For the SL in the Consecutive RCTs, the SL for OR/HR for the 45 human studies was 2.29 [1.55, 4.89] and for the 5 NHA studies was 16.95 [5.99, >105]; and for d for the 18 human studies was 0.66 [0.18, 1.92] and for the 13 NHA studies was 1.55 [1.09, 3.44]. For AL, the only NHA study had AL for OR 15360.
For the SL in the Consecutive RCTs, for the secondary outcome, the SL for OR/HR included only human studies (there were no NHA studies), and for d for the 21 human studies was 0.62 [0.33, 1.65], and for the 15 NHA studies was 1.53 [1.01, 2.60]. For AL, there was 1 NHA study for OR/HR with AL 1083, and 1 NHA study for d with AL 2.74.
Reverse Bayesian Implications of the Obtained p-Values for Secondary Outcomes in Consecutive RCTs Recently Published in the Field of Critical Care Research.
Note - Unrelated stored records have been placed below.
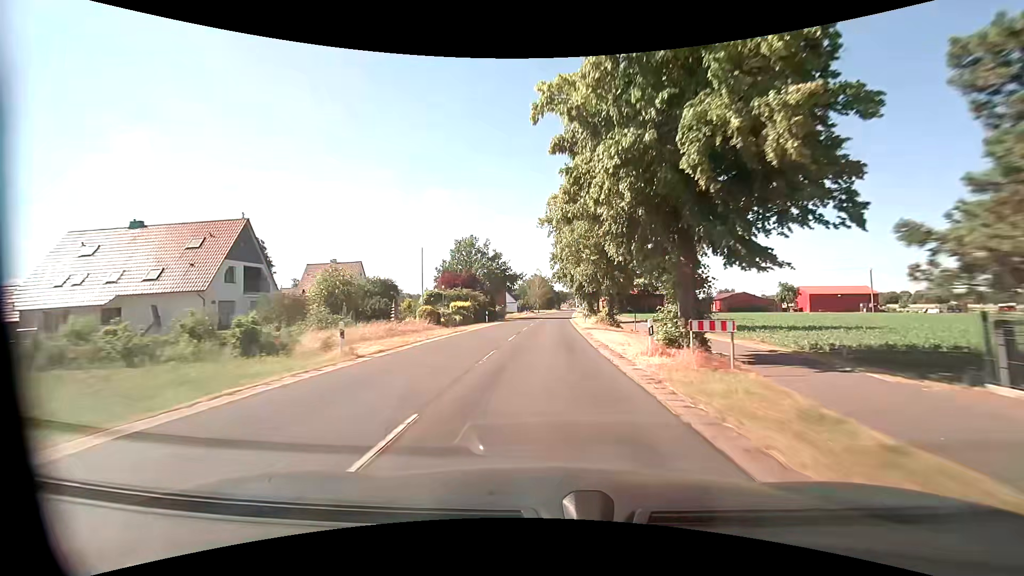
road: secondary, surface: asphalt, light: Day
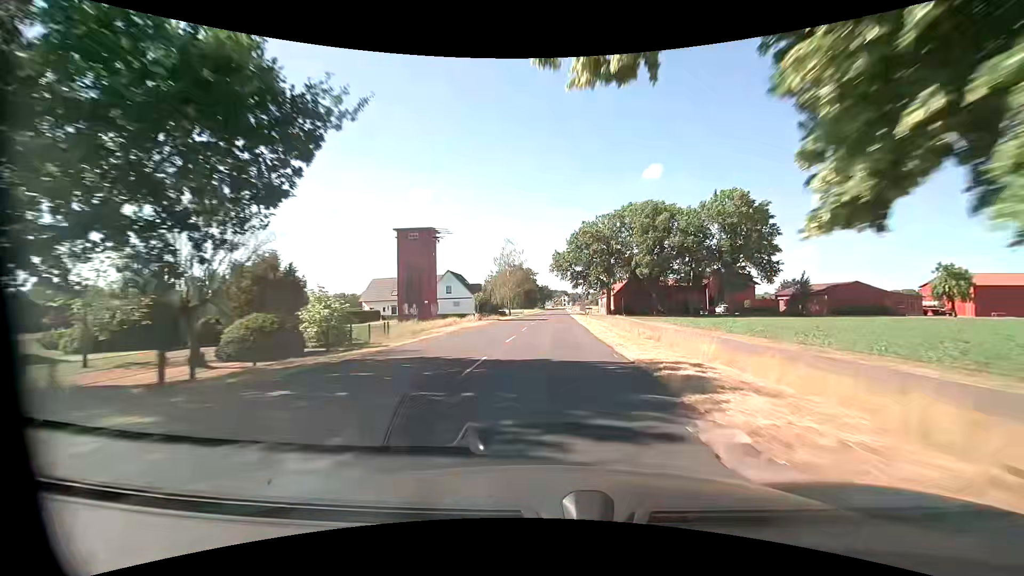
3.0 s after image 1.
(+1.0, +56.4) m; +2°
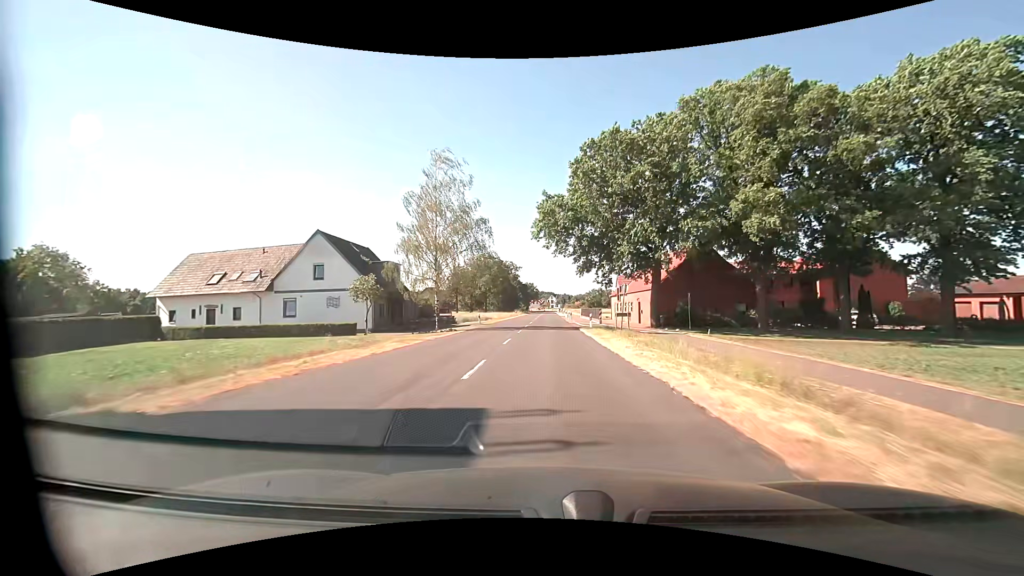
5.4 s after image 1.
(+0.7, +45.2) m; +1°
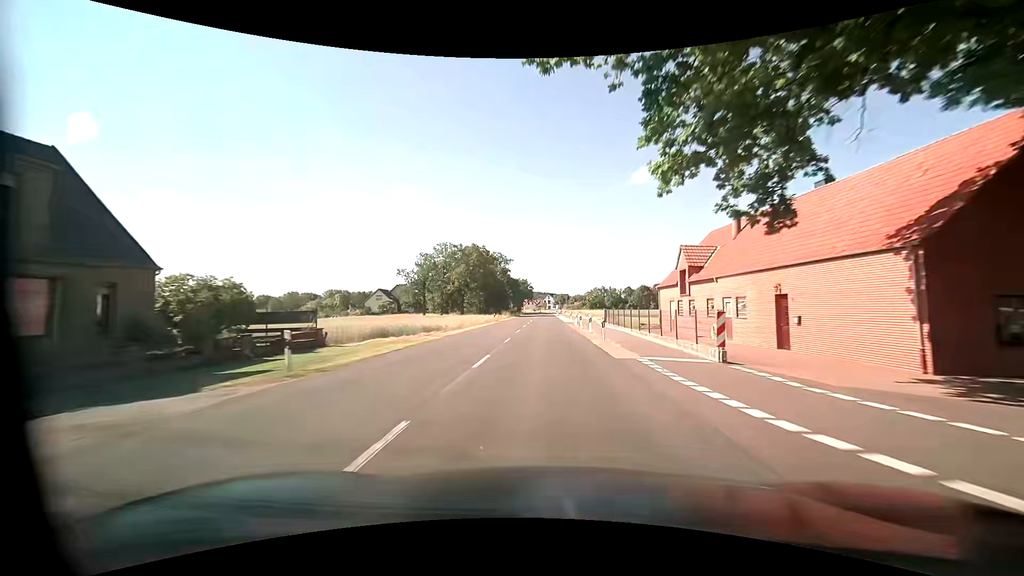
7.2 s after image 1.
(+0.2, +33.9) m; 0°
(0, +10) (0, +20) (0, +30) (0, +40) (0, +50) (0, +60) (0, +70) (0, +80) (0, +90) (0, +100) m

| Study group | Overall | p > 0.05
| p = 0.05 to 0.0051 | p ≤ 0.005 |
|---|---|---|---|---|
|
| ||||
| Likelihood Ratio: Pr(data│H1)/Pr(data│Ho) | 7.7 [3.1, 47.7] | 0.50 [0.13, 1.93] | 7.0 [3.6, 12.9] | 99.6 [59.9, 99.6] |
| Prior Pr(H1) to have FPR 5% | 71.1 [28.8, 85.9] | 97.4 [90.8, 99.3] | 73.1 [59.6, 84.1] | 16.0 [16.0, 24.1] |
| Minimum FPR (using Prior Pr[H1] of 0.5) | 11.5 [2.1, 24.2] | 66.5 [34.6, 88.7] | 12.5 [7.2, 21.8] | 1.0 [1.0, 1.6] |
| Realistic FPR (using Prior Pr[H1] of 0.1) | 53.8 [16.1, 74.2] | 94.7 [82.5, 98.6] | 56.3 [41.1, 71.4] | 8.3 [8.2, 13.1] |
|
| ||||
| BF Bound [upper bound for Pr(data│H1)/Pr(data│Ho)] | 4.7 [2.6, 23.2] | 1.2 [1.0, 2.0] | 4.4 [2.9, 6.9] | 53.3 [29.6, 53.3] |
| PPV: Highest Posterior PrU(H1│data) using Prior Pr(H1) of 0.5. | 82.5 [72.5, 95.8] | 55.0 [50.1, 67.0] | 81.4 [74.1, 87.4] | 98.2 [96.7, 98.2] |
| PPV: Realistic Posterior PrR(H1│data) using Prior Pr(H1) of 0.1 | 34.3 [22.7, 71.8] | 11.9 [10.1, 18.5] | 32.7 [24.1, 43.5] | 85.5 [76.7, 85.5] |
|
| ||||
| 10th percentile of p-value prediction interval | 0.000035 [0.0000016, 0.00014] | 0.0015 [0.00028, 0.0071] | 0.000041 [0.000015, 0.00011] | 0.00000033 [0.00000033, 0.00000095] |
| 90th percentile of p-value prediction interval | 0.61 [0.24, 0.85] | 1.0 [0.98, 1.0] | 0.63 [0.48, 0.81] | 0.14 [0.14, 0.20] |
| Probability a replication study will have p ≤ 0.05 | 64.3 [51.8, 85.0] | 27.8 [14.4, 44.9] | 62.9 [53.7, 71.0] | 90.8 [87.1, 90.8] |
14 (16.3%) of p-values were >.10. BF: Bayes factor; FPR: false positive rate; Ho: null hypothesis; H1: alternative hypothesis; Pr: probability; PPV: positive predictive value. We report values to one decimal place for consistency of presentation; this is not intended to suggest the values can be known with such precision given the small sample sizes.